Nrn1-KO Mouse

Nrn1, also known as Neuritin 1, is a neurotrophic factor crucial for neurodevelopment and synaptic plasticity. It is involved in neural cell survival, differentiation, axonal and dendritic growth, as well as synapse formation and maturation. The expression of Nrn1 can be enhanced by BDNF, and it is suggested to activate the insulin receptor (IR) pathway to promote the transcription of CACNA1C [3]. Nrn1 has been associated with multiple biological processes and diseases, highlighting its overall biological importance.

In melanoma, Nrn1 was found to interact directly with the cleaved intracellular domain of Notch1 and Notch3, reducing the expression of Hes1, which in turn affects the sequestration of JAK and STAT3 in a phosphorylation complex, ultimately influencing the oncogenic STAT3 signaling [1].

In schizophrenia, genetic and neuroimaging approaches have shown an association between Nrn1 and early-onset schizophrenia.
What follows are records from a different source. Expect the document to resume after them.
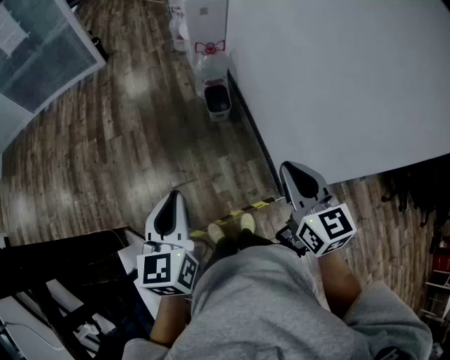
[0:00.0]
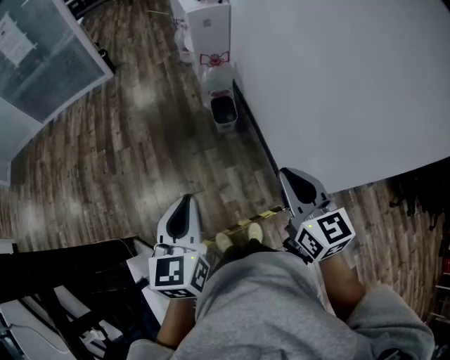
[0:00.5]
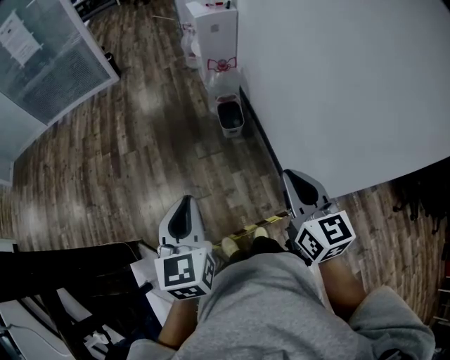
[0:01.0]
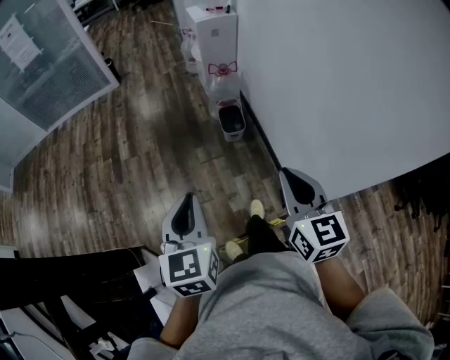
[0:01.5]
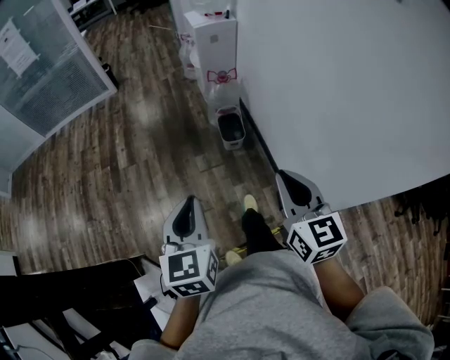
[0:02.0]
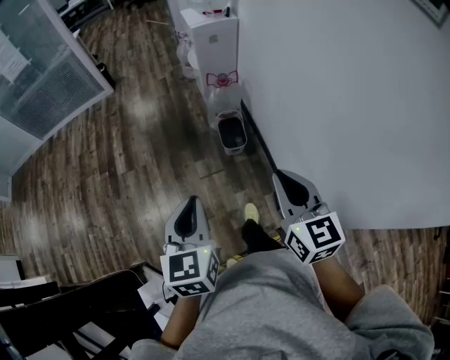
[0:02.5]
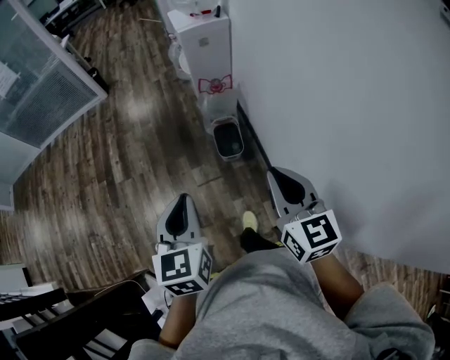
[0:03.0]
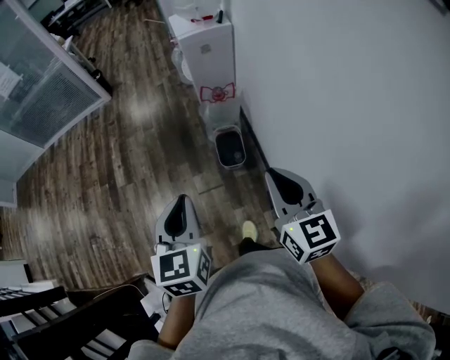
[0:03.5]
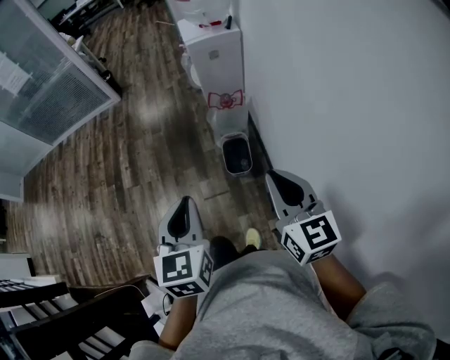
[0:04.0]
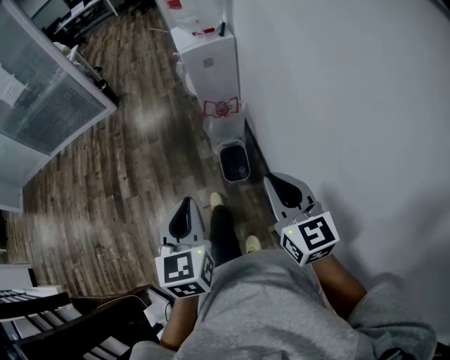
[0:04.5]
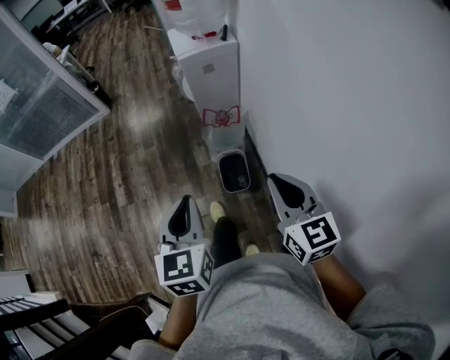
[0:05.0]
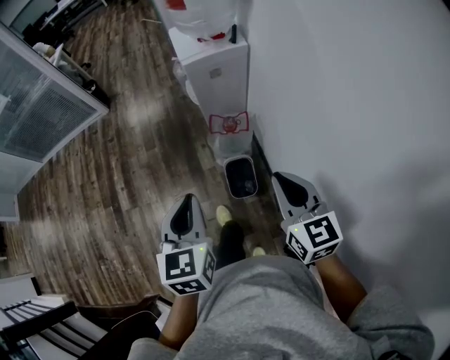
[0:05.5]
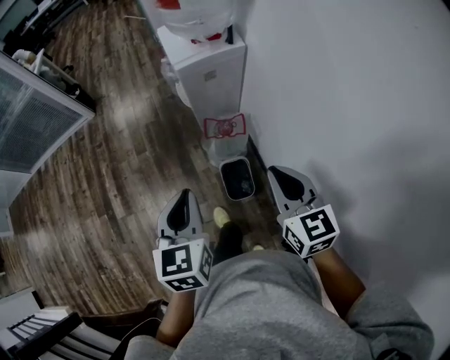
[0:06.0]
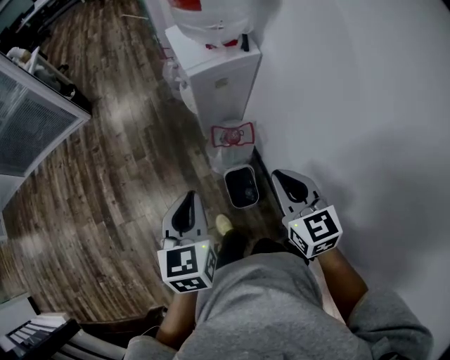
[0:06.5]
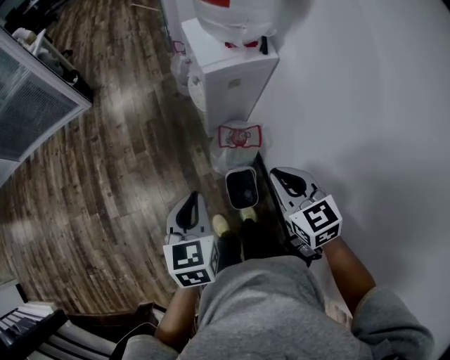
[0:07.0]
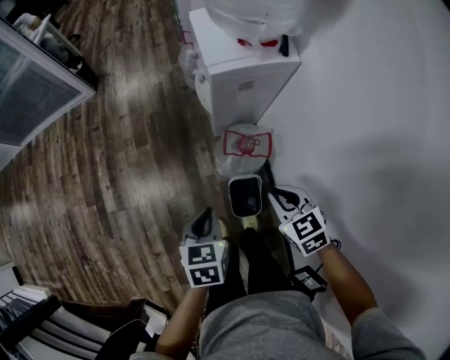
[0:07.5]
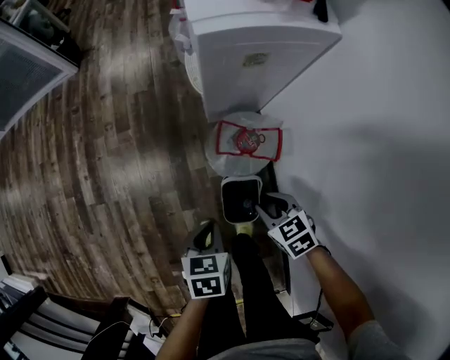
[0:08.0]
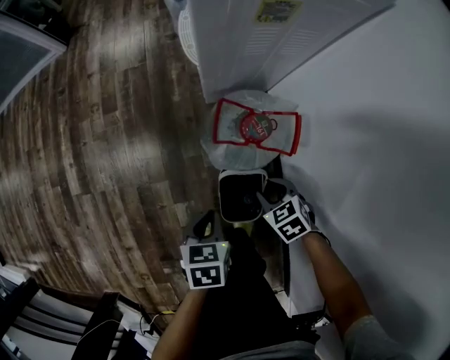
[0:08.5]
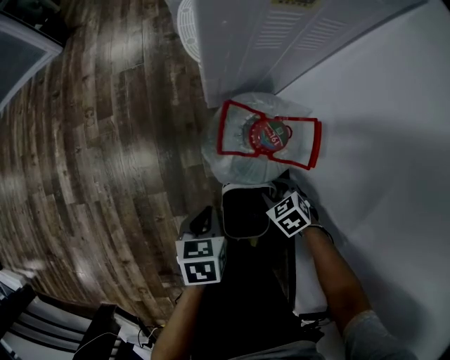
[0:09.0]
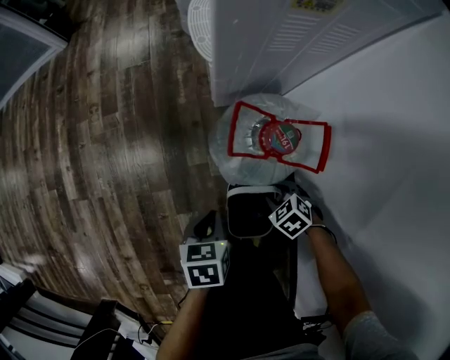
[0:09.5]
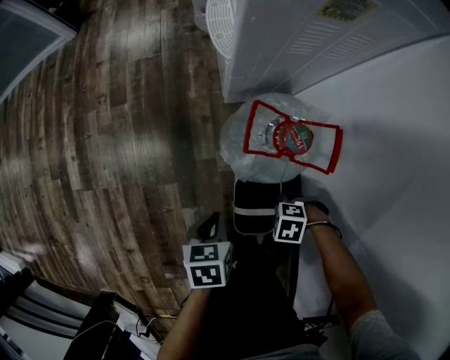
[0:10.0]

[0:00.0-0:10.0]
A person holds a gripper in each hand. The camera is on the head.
0:00.0 to 0:02.0: The left gripper heads forward, covering roughly 5 cm. The right gripper travels forward and to the left by about 10 cm.
0:02.0 to 0:04.0: Both grippers move forward and to the right, some 35 cm.
0:04.0 to 0:06.0: The two grippers go approximately 30 cm forward.
0:06.0 to 0:08.0: Both grippers move downward, about 40 cm. The right gripper points its fingers some 30 degrees further downward, and opens its fingers. Meanwhile the left gripper tips its fingers downward by some 30 degrees.
0:08.0 to 0:10.0: Both grippers travel together downward, roughly 25 cm. The right gripper turns by about 60 degrees.

Different haplotypes of Nrn1 were associated with early-onset, and its genetic epistasis with BDNF and CACNA1C affected the clinical presentation of the disorder via neuroanatomical changes [2,3].

In optic nerve crush rats, Nrn1 overexpression attenuated retinal ganglion cell apoptosis, promoted axonal regeneration, and improved visual function by activating the Akt1 and Stat3 pathways and inhibiting the mitochondrial apoptotic pathway [4].

In esophageal cancer, Nrn1 suppresses cancer growth both in vitro and in vivo by inhibiting PI3K-Akt-mTOR signaling, and its methylation is a novel synthetic lethal marker for related inhibitors [5].

In diacetylmorphine-induced neuronal apoptosis, NEFL was found to regulate the Nrn1-mediated mitochondrial pathway to promote apoptosis [6]. Also, in schizophrenia, NRN1 genetic variability and methylation changes may serve as biomarkers for cognitive remediation therapy response [7].

And in Alzheimer's disease, NRN1 provided dendritic spine resilience against amyloid-β and blocked amyloid-β-induced neuronal hyperexcitability in cultured neurons [8].

In conclusion, Nrn1 plays essential roles in neural-related biological processes, including neural cell survival, synapse formation, and synaptic plasticity. Through model-based research, its significance in various disease areas such as melanoma, schizophrenia, optic nerve injury, esophageal cancer, drug-induced neuronal apoptosis, and Alzheimer's disease has been revealed. These findings contribute to a better understanding of the underlying mechanisms of these diseases and may provide potential therapeutic targets.